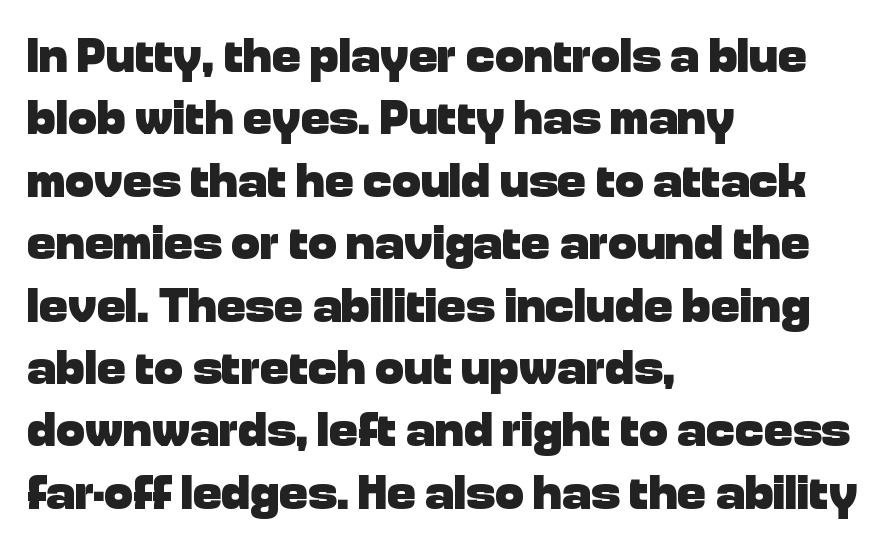
Q: Is the text bold? A: Yes.
Q: Is the text italic (slanted)? A: No, it is upright.
Q: Is the typeface a serif or a sans-serif typeface? A: Sans-serif.
Q: Is the text underlined? A: No.
Q: How is the paragraph aligned? A: Left-aligned.
Q: Is the spacing between letters normal or unusually wide? A: Normal.
Q: Is the spacing between lines tight, normal or loose? A: Normal.
Q: Width (condensed, normal, or wide)? A: Normal.
Q: Stroke contrast? A: Low.
Q: x-height? A: Medium.
Q: Monospaced? A: No.
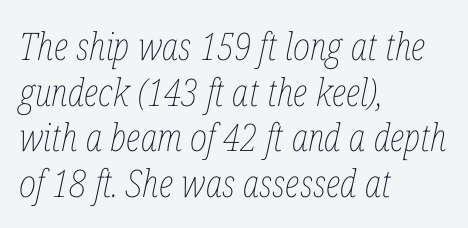
Q: Is the text bold? A: No.
Q: Is the text italic (slanted)? A: Yes, it leans right by about 12 degrees.
Q: Is the text underlined? A: No.
Q: How is the paragraph aligned? A: Left-aligned.
Q: Is the spacing between letters normal or unusually wide? A: Normal.
Q: Width (condensed, normal, or wide)? A: Condensed.
Q: Stroke contrast? A: Low.
Q: x-height? A: Medium.
Q: Monospaced? A: No.
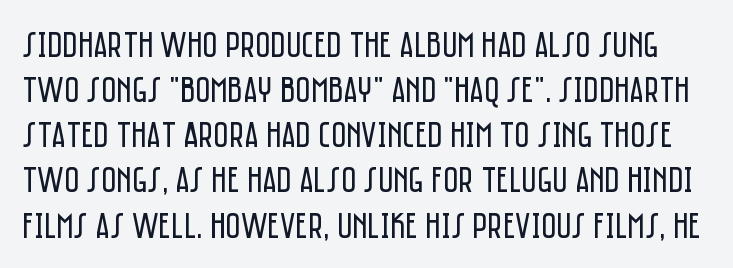
A light-to-regular cut is what we see here. In terms of letterform style, serifs are entirely absent. These lines keep a tight, regular rhythm from letter to letter. Looks like regular typesetting: each glyph gets only the width it needs. Type without underlining. Ascenders rise straight up at ninety degrees.
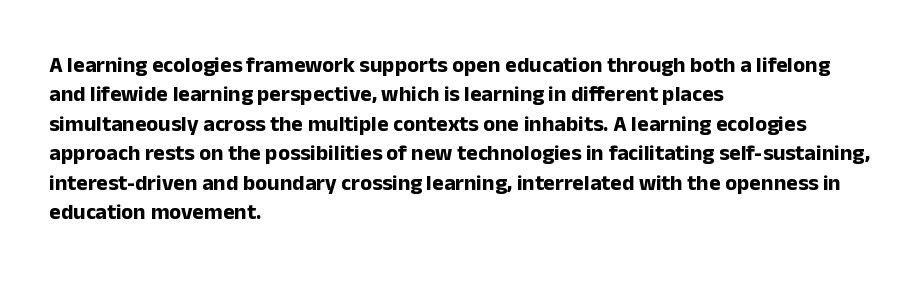
The vertical gap from one line to the next is medium. The rendering uses a bold face; every stroke is thick and dark. When letters stand straight like this, we call the style roman or upright. A typesetter would call this zero additional tracking.
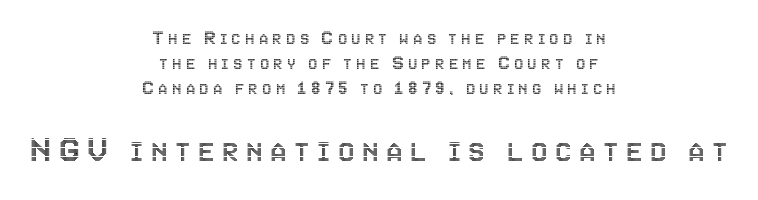
The image shows 37 px condensed type, upright; set centered, line spacing 1.2x, unusually wide letter spacing (+0.2 em), not underlined; the second (bottom) block is 1.76x larger; a large x-height.
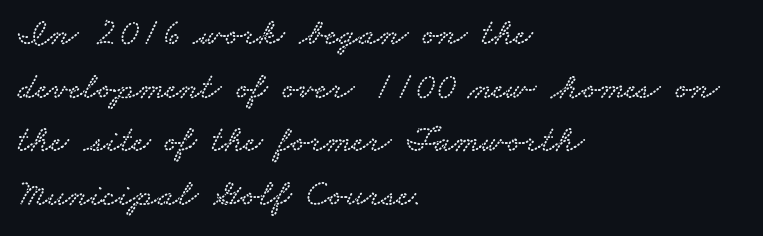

» **Your instructions**
Copy out each line carrying the string "condensed" from the data.

» **Reply**
Q: Width (condensed, normal, or wide)? A: Normal.
Q: Width (condensed, normal, or wide)? A: Condensed.
The image shows 37 px condensed type, upright; set centered, line spacing 1.2x, unusually wide letter spacing (+0.2 em), not underlined; the second (bottom) block is 1.76x larger; a large x-height.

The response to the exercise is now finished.